Often, as I nudge children’s thinking towards tangible understanding, I am aware of the intricate balancing game I am playing - each part of the comprehension process is important, leaning on the others and working together to create an orchestrated mental model.  

In Understanding and Teaching Reading Comprehension (2015), Jane Oakhill and Kate Cain suggest that there are four essential ingredients to this process: an understanding of text structure and organisation; depth of vocabulary (what you know about the words and how they are used); inference skills and the ability to monitor your understanding to make sure it makes sense and to correct it if it has gone astray. All these ingredients work together to create the big picture: the mental representation. If we maintain our focus on these four main ingredients when we work with children, we can’t go far wrong. But is essential that we focus on helping children understand how all the aspects work together.

Ingredients of reading

Of course, each of main ingredients are complex themselves, with multiple strands within them, so it is tempting to concentrate on a single aspect until we feel it is under control. For example, to make inferences, children must understand how text works at both a local cohesion level (within and across sentences) and at a global cohesion level (across a whole chapter, book or page). Children need to comprehend the links between sentences and then pick up the nuances of dialogue, tone, emotion and setting to bring the words alive and ensure a complete understanding of the text as a whole. A child’s understanding can break down at any point and it can be a challenge to recognise which part is tricky for them.

However, there are a number of questions you can ask children to help you explore what they are struggling with. These questions can be asked about even a very short text, without much preparation.

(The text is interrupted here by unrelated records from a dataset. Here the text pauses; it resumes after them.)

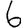
Digit: 6
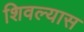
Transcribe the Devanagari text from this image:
शिवल्यास
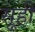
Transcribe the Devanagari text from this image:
सूही
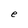
Character: e
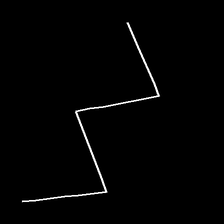
Glyph: crush
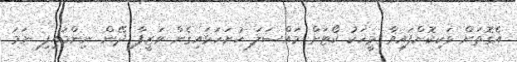
އެގޮތަށް ވަކިކޮށްފައިވާ މީހަކު ކޯޓަށް މައްސަލަ ހުށަހަޅައިގެން ވަޒީފާ ދޭން ނިންމައިފި ނަމަ
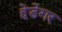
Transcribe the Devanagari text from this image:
हेडेगर
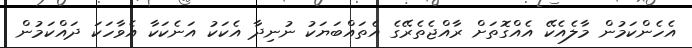
އެހެންކަމުން މާލެއެކޭ އެއްގޮތަށް ރާއްޖެތެރޭގެ އެތައްބަޔަަކު ނުނިދާ އެކަކު އަނެކަކާ އެވާހަކަ ދަައްކަމުން
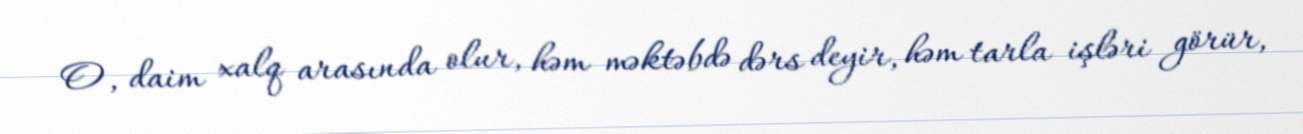
O, daim xalq arasında olur, həm məktəbdə dərs deyir, həm tarla işləri görür,
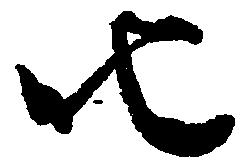
叱
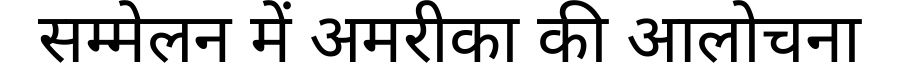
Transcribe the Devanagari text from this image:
सम्मेलन में अमरीका की आलोचना
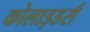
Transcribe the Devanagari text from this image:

  1. Are there any words or phrases you don’t understand? What are they? What do you think they mean?
  2. Tell me what happened in this text? Retell the story.  
  3. What would be a good title for this text?
  4. Was there anything that made you stop and think? Anything you were unsure of? Anything that didn’t make sense?
  5. What do you think about this text? (a question requiring a personal reflection and response)

 

When working in this way, I write down the responses of the child as completely as I can, especially when they are retelling the story. By looking closely at what they have said, we can begin to understand the types of inferences they are making, or not making. Their responses can help us to gauge the challenges for the child and to focus our teaching accordingly.

If we establish the fundamental ingredients of comprehension, we can begin to help children understand the process of spinning them all together.  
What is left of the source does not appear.